ALBANY, Ga. (WALB) - As parents and guardians decide whether to send their children back to school in-person or virtually, some advocates are concerned about the implications of students not getting the opportunity for in-person learning.
State leaders said reports of child abuse and neglect dropped drastically when schools closed because of the COVID-19 pandemic.
Most students have been physically out of school since March.
The Georgia Division of Family and Children Services (DFCS) said it gets around 140,000 abuse and neglect calls a year.
DFCS Director Tom Rawlings said not all of those reports turn out to be true, but the reports drop by about 50 percent each year when school lets out for summer.
This year, though, the state saw the same drop two months earlier, when schools closed because of COVID-19.
Some advocates said that’s because teachers and school staff see the signs of abuse or neglect early, and they’re legally required to report it.
This raises some concerns about the welfare of students who haven't been seen by teachers in several months.

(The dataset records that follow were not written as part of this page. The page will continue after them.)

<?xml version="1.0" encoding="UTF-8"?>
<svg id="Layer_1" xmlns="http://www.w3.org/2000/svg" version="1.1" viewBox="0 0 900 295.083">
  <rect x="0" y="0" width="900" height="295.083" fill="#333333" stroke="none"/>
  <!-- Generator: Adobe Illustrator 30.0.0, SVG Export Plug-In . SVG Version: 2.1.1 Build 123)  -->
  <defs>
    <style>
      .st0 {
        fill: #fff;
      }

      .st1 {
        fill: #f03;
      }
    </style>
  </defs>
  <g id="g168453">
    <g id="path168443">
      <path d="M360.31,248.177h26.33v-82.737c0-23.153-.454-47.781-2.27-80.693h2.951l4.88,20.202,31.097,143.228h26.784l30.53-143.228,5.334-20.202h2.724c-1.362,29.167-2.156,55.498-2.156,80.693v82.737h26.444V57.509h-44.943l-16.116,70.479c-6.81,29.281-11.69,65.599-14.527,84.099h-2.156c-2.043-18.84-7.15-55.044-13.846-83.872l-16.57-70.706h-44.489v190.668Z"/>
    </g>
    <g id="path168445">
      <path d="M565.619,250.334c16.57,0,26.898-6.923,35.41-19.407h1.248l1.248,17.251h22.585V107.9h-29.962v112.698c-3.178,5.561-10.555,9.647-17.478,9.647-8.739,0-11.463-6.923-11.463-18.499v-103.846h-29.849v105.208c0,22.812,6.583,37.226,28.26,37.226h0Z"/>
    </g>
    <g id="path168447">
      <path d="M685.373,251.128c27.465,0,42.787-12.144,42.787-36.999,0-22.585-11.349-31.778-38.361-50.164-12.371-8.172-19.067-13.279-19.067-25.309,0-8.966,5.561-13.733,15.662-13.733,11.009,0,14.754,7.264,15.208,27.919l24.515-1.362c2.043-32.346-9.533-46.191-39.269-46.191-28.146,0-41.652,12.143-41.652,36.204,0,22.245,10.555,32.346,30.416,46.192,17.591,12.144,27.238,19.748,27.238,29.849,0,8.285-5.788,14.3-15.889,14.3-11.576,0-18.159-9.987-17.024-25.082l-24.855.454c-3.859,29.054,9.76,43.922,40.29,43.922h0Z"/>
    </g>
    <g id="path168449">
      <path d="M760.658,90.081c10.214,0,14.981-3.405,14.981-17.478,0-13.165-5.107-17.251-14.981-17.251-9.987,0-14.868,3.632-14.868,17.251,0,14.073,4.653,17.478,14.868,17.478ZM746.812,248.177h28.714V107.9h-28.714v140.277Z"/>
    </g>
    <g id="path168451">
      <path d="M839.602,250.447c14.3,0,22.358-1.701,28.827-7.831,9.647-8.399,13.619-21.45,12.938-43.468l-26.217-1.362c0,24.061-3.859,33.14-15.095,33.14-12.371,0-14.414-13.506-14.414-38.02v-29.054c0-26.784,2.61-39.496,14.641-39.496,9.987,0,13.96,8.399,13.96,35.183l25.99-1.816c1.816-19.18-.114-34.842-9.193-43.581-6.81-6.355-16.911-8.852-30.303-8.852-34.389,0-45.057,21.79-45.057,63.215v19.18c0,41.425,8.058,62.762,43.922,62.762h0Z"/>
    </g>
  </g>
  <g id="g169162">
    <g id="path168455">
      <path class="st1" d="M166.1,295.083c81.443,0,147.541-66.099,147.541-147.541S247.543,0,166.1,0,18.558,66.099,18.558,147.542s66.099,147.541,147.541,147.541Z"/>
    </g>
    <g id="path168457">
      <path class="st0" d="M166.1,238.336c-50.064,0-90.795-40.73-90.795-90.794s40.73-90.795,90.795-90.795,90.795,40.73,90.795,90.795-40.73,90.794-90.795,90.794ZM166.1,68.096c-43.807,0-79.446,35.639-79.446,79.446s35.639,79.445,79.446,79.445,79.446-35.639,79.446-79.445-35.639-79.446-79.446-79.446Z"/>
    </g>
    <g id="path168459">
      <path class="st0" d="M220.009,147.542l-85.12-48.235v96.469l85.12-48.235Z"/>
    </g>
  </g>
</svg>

“We have some wonderful teachers out there who have gone out of their way to check on children to make sure that, that when they see the situation that does not look right, that they’re calling us,” Rawlings said.

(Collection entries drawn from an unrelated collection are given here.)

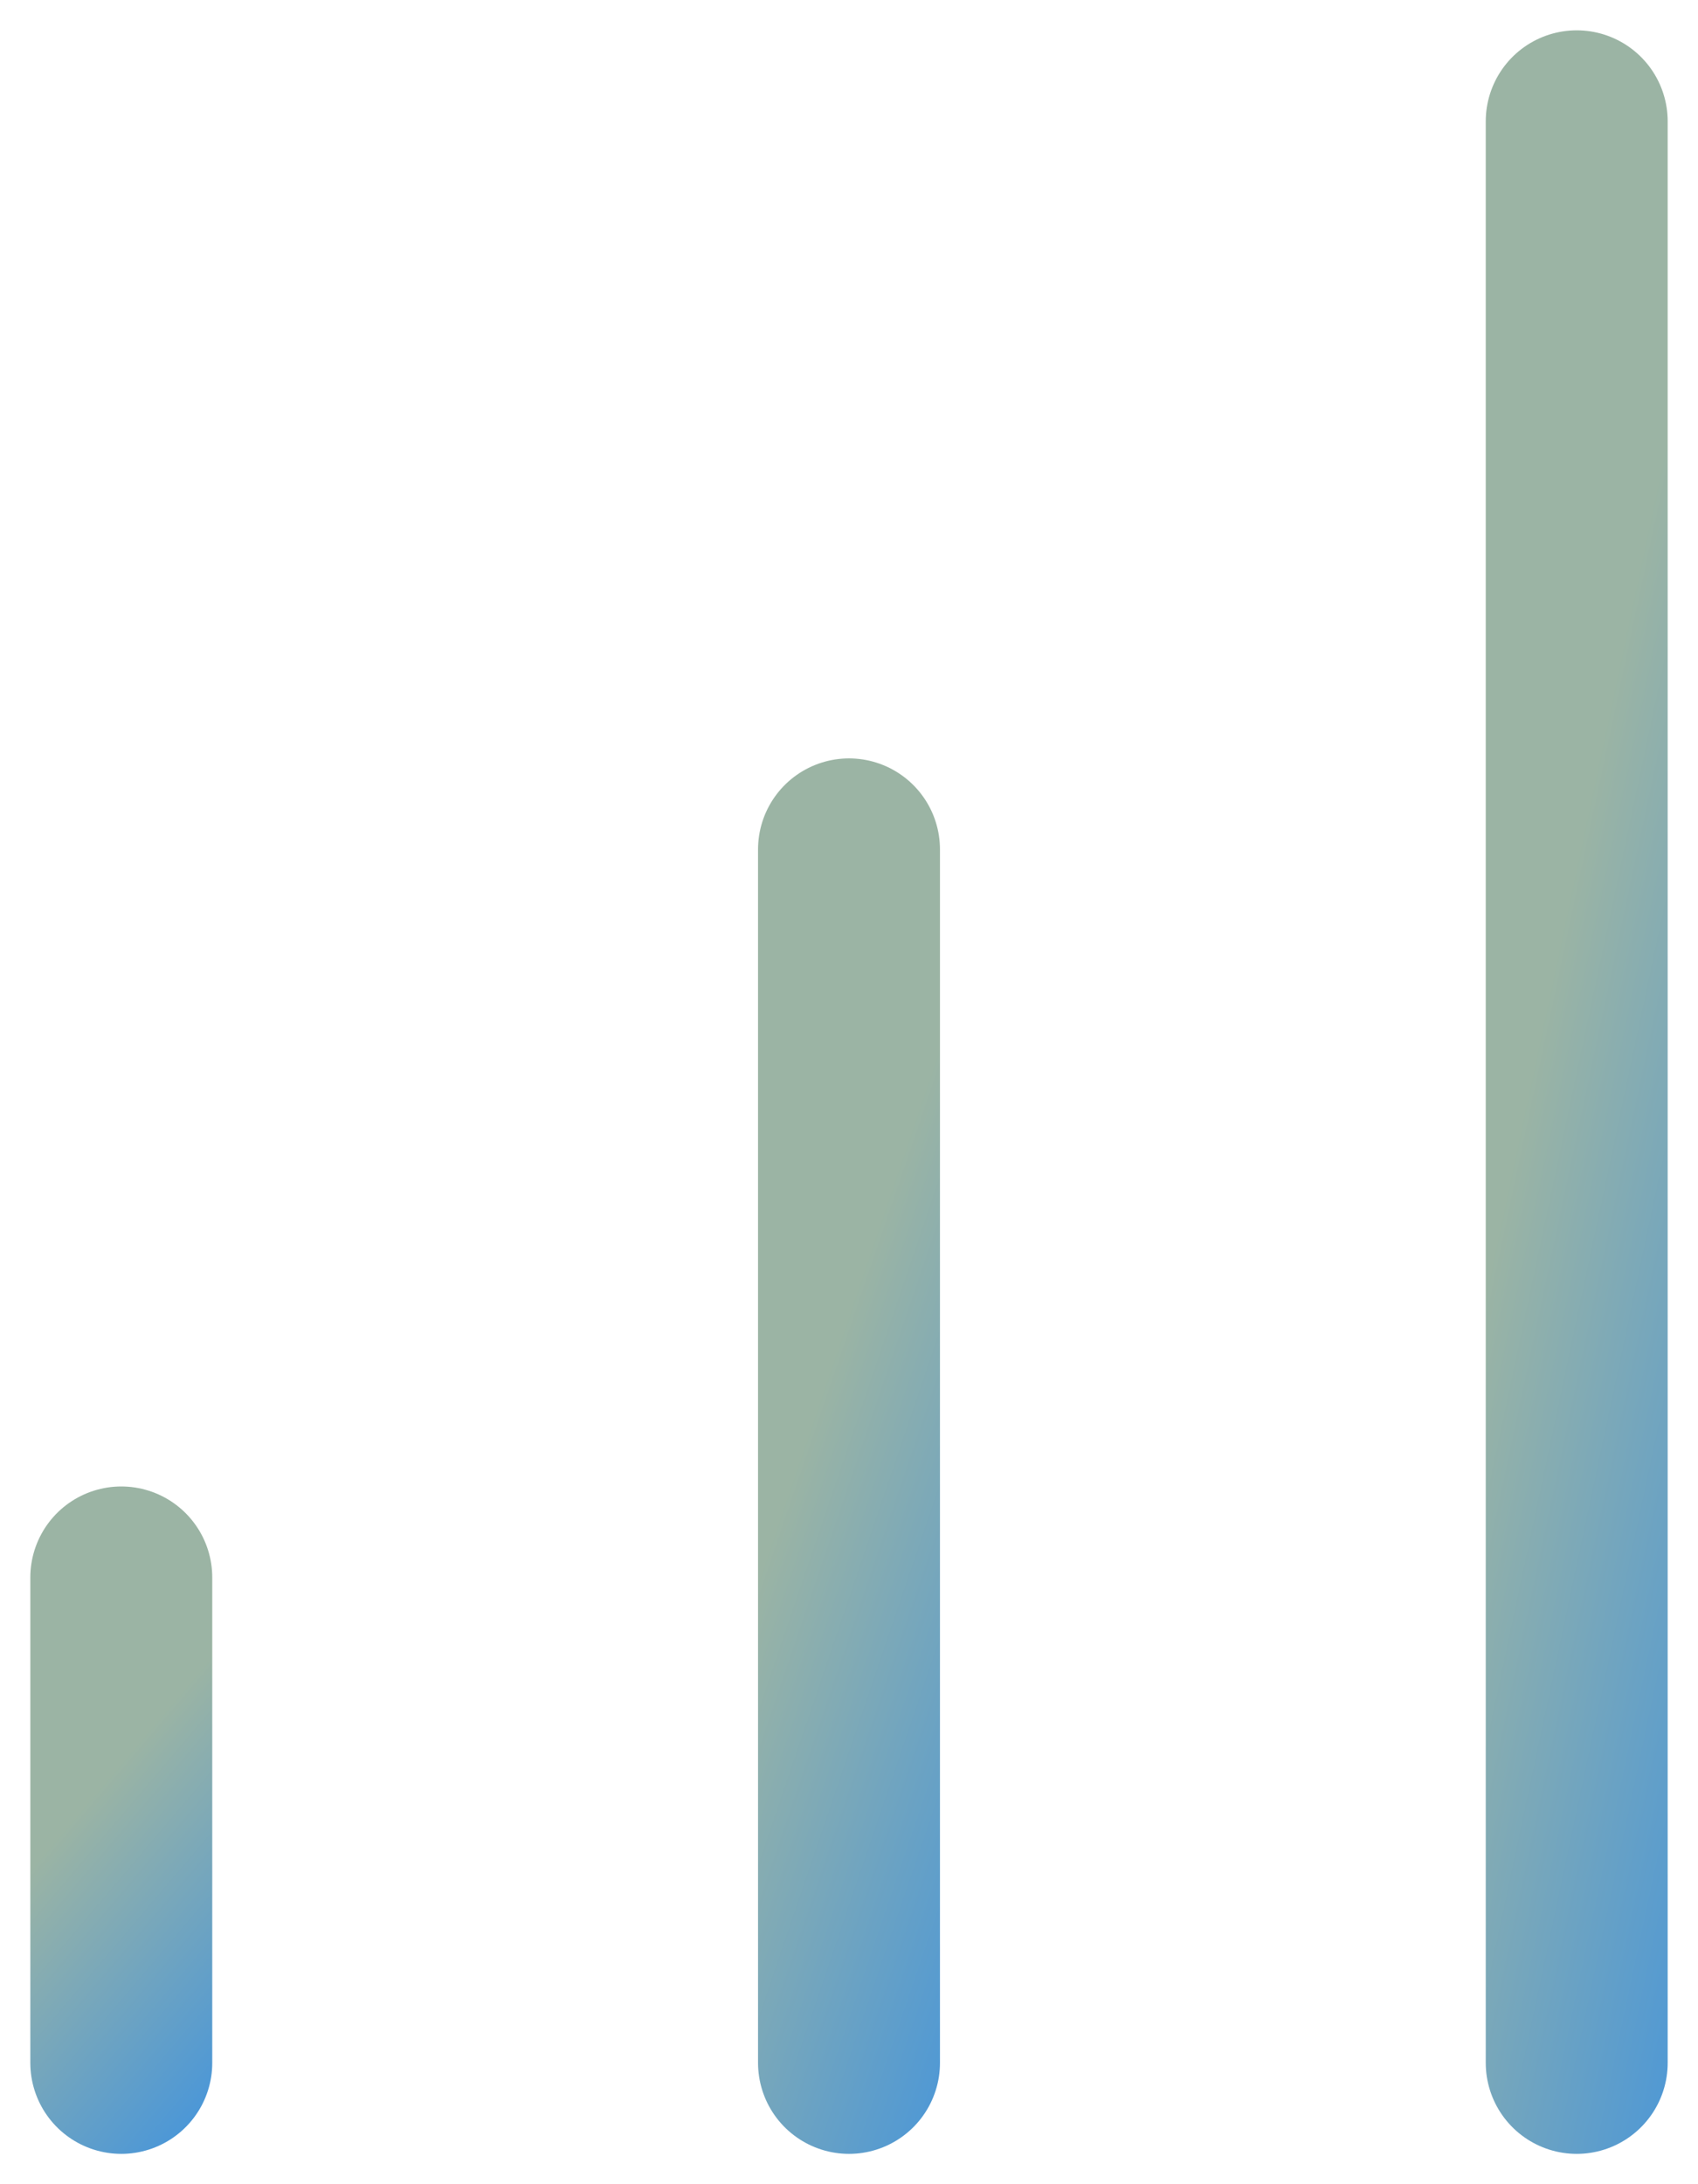 <svg width="14" height="18" viewBox="0 0 14 18" fill="none" xmlns="http://www.w3.org/2000/svg">
<path d="M7 17V7" stroke="url(#paint0_linear_1779_5054)" stroke-width="1.5" stroke-linecap="round" stroke-linejoin="round"/>
<path d="M13 17V1" stroke="url(#paint1_linear_1779_5054)" stroke-width="1.5" stroke-linecap="round" stroke-linejoin="round"/>
<path d="M1 17V13" stroke="url(#paint2_linear_1779_5054)" stroke-width="1.5" stroke-linecap="round" stroke-linejoin="round"/>
<defs>
<linearGradient id="paint0_linear_1779_5054" x1="7.526" y1="9.25" x2="11.183" y2="10.493" gradientUnits="userSpaceOnUse">
<stop stop-color="#9BB4A4"/>
<stop offset="1" stop-color="#338EE7"/>
</linearGradient>
<linearGradient id="paint1_linear_1779_5054" x1="13.526" y1="4.6" x2="17.429" y2="5.429" gradientUnits="userSpaceOnUse">
<stop stop-color="#9BB4A4"/>
<stop offset="1" stop-color="#338EE7"/>
</linearGradient>
<linearGradient id="paint2_linear_1779_5054" x1="1.526" y1="13.9" x2="3.895" y2="15.913" gradientUnits="userSpaceOnUse">
<stop stop-color="#9BB4A4"/>
<stop offset="1" stop-color="#338EE7"/>
</linearGradient>
</defs>
</svg>

He said DFCS posted tips for teachers about how they can try to protect their students from abuse and neglect, even virtually.
In 2019, Georgia changed a home study law in hopes of catching more cases of abuse in students who are withdrawn from public schools.
According to the Children’s Bureau with the U.S. Department of Health and Human Services, some signs of physical abuse include unexplained injuries, seeming scared, anxious, depressed, withdrawn or aggressive and seeming frightened of his or her parents.